This is the album that introduced me to Prince. I was 8 years old and watching tv when I saw this video clip for a song called Sexuality. I was drawn by the beat and groove of the track and the next week went out and bought my first 7” record.

A few weeks later I saved my pocket money to buy the album, and so began my own private purple experience.

I can still recall getting home with the album in my hands and rushing to put the headphones on and drop the needle. And out came the opening to CONTROVERSY. From the first jolting synth stab to the final rip I was hooked. That relentless beat and bubbling synth that seemed to be ready to boil lead me into the track with its crawling synth bass line and what would become classic Prince funk guitar riff. Lyrically it was all about the rumours swirling around Prince at the time, and they holds strong to the distorted notion many still have about him to this day. Boldly he lays them out, straight, gay, black white? But rather than confirming of dismissing he just lets them hang maybe knowing all to well the power wasn’t in the truth but in the mystique. The chorus just lifts you with the progression of chords and then drops you back in the funk soup. Although it feels sparse in comparison to later releases, the music is littered with little aural hooks, a double guitar riff here, a synth blip there.

Now dig if you will a picture of an 8-year-old kid hearing the Lord’s Payer in a song, and then a moment later lines like “I wish we all were nude”. It was more than this little brain to handle. I didn’t know what it all meant, but I knew it was better than a lot of the other music I was hearing. Today the dichotomy seems more obvious with the spiritual and sexual meeting more to expose the duality of Prince much like the questions of the verses do. And is this the first time we hear that Princely scream?

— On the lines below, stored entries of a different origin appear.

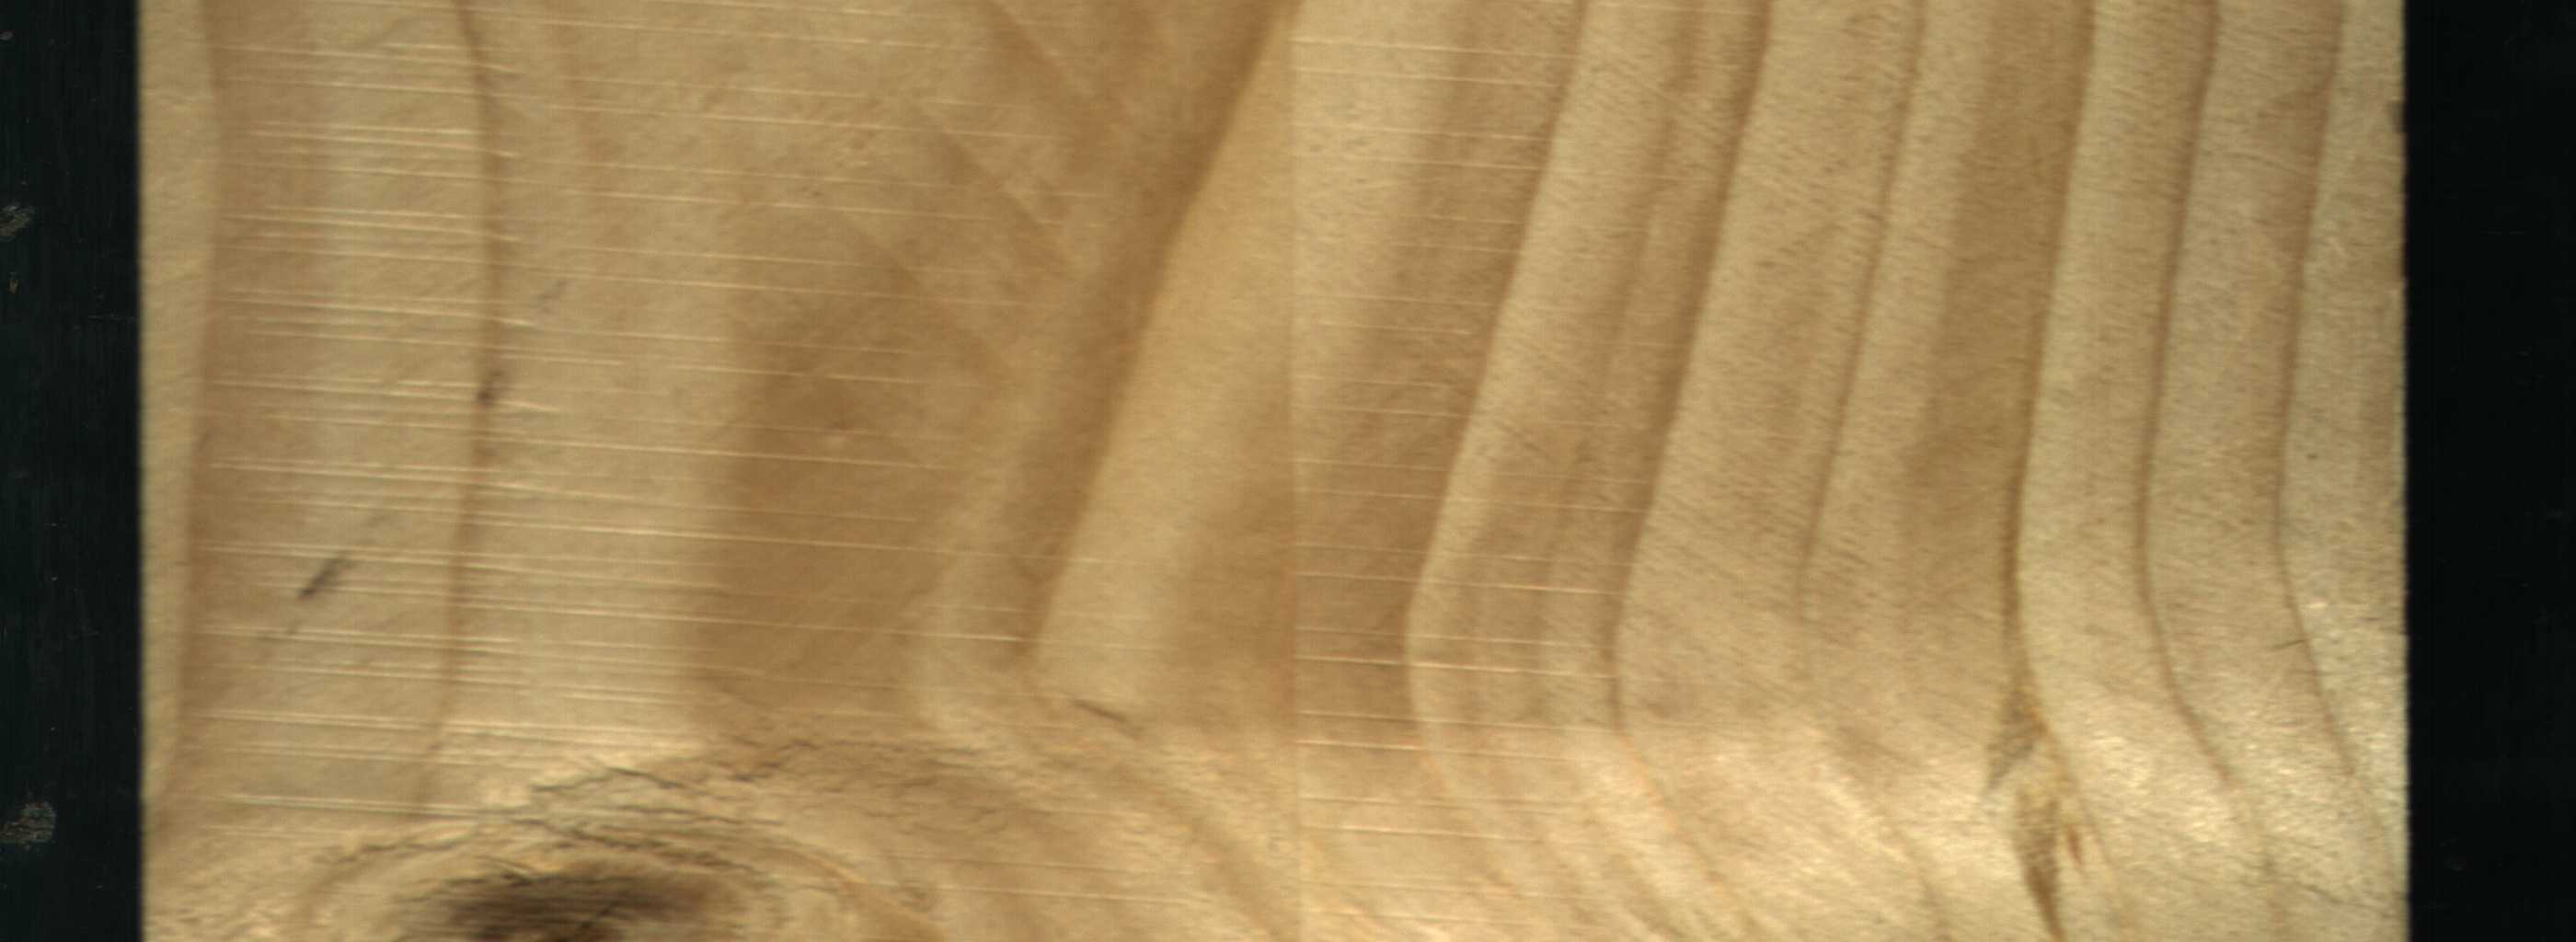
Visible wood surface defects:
Dead_Knot
Live_Knot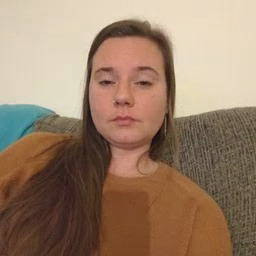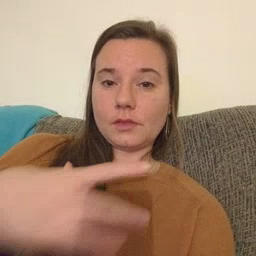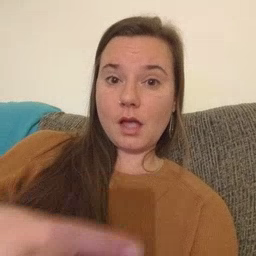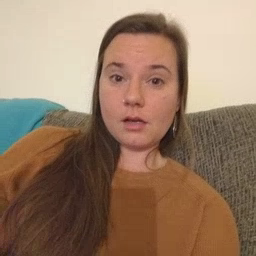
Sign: like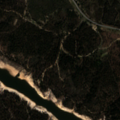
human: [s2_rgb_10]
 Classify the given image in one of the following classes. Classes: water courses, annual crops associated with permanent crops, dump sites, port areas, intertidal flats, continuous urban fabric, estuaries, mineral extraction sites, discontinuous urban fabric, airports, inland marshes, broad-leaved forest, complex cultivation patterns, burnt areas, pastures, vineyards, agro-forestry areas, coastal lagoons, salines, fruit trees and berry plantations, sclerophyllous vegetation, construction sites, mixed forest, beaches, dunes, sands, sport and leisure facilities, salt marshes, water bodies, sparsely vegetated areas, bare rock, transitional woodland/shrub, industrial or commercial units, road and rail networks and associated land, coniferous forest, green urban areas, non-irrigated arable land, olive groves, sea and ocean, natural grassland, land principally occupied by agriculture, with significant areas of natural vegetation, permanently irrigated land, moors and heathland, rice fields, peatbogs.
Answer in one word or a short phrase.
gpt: broad-leaved forest, mixed forest, transitional woodland/shrub, water bodies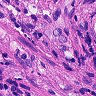
Metastatic tissue present: no

Not a breath is taken between the end of Controversy and the relentless grove of SEXUALITY pounds in your ears. The songs raw energy and pace is almost like the song is trying to outrun the groove of the record. This song will always take me back to being that little kid flipping out on the sound of a musician in their element. Again all the soon to be Prince trademarks were there lyrically and sonically – the pop clap, the funky guitar riff, the layered beat, the haunting backing vocal stabs, To this day the song sound fresh and is close to perfect.

Now as a kid not only did I not get DO ME BABY lyrically, but I also just didn’t gravitate to it as a song. Over time I have come to appreciate its arrangement and recognise it now as a truer Prince ballad than previous albums. Listening now you can almost here a blueprint for Adore in there. Here is someone learning quickly how to craft a ballad that doesn’t stray into being overly smaltzy and even gives us a glimpse of how explicit (or erotic depending on your point of view) he can get with the drawn out orgasmic climax.

PRIVATE JOY was also a song that didn’t overly grab me. It seemed too bubblegum pop with it’s bouncing beat and synth line. It was too bright musically, maybe a deliberate ploy to let the suggestive lyrics get by. And while I don’t rate it as one of his best songs, I can’t deny my toe is tapping right now, so maybe he has won this one. (oh and it’s interesting to hear this track and the obvious influence it had on Ready For The World’s “digital display”.)

Going from happy pop to the nuclear war fearing apocalypse rocker of RONNIE, TALK TO RUSSIA. Whilst taking on a stronger political viewpoint on this album and voicing the fear that many had the song can’t help but sound dated now. This fear of a nuclear doom is revisited more convincingly on 1999.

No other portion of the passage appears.